- _ASSIGNMENT_
An exact copy is needed of the lines from the line holding "share of the ground: 50 - 75 %" through the final line of the listing below, both included.

- _TASK INPUTS_
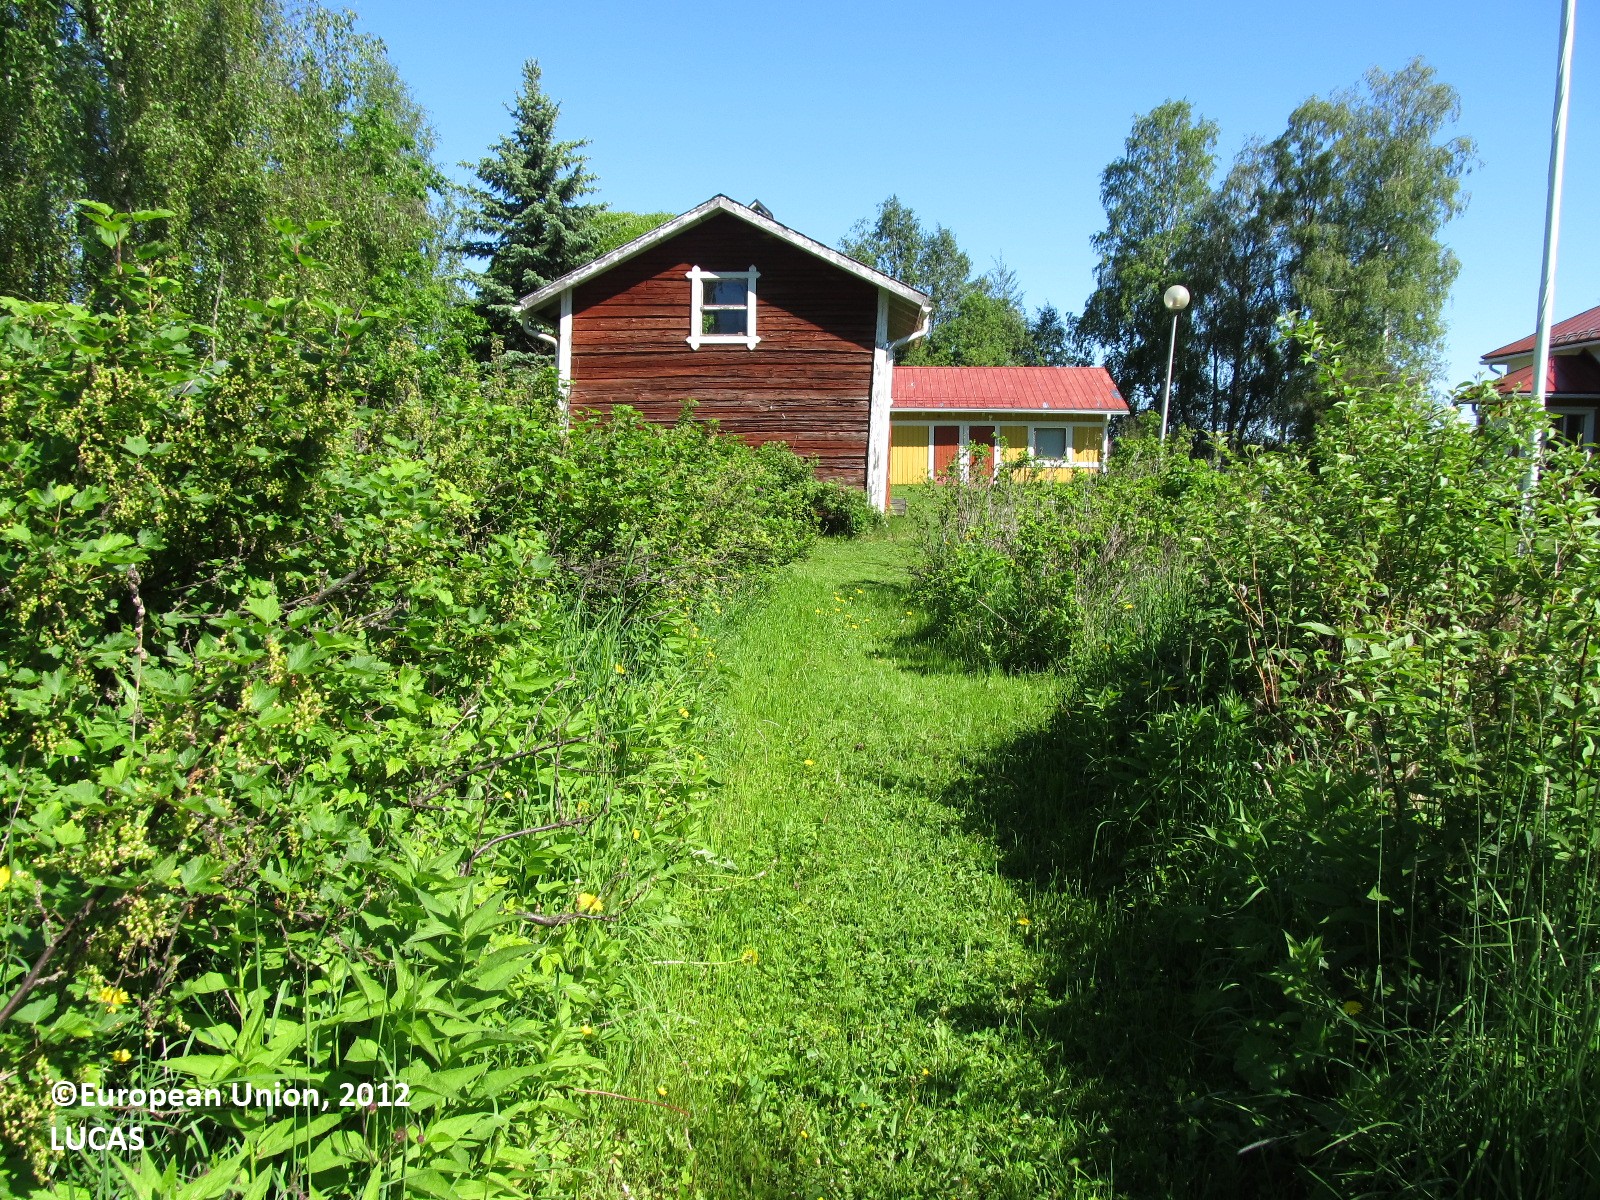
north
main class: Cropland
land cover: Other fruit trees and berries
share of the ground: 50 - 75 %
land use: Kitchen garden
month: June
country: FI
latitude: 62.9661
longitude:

- _WRITTEN REPLY_
share of the ground: 50 - 75 %
land use: Kitchen garden
month: June
country: FI
latitude: 62.9661
longitude:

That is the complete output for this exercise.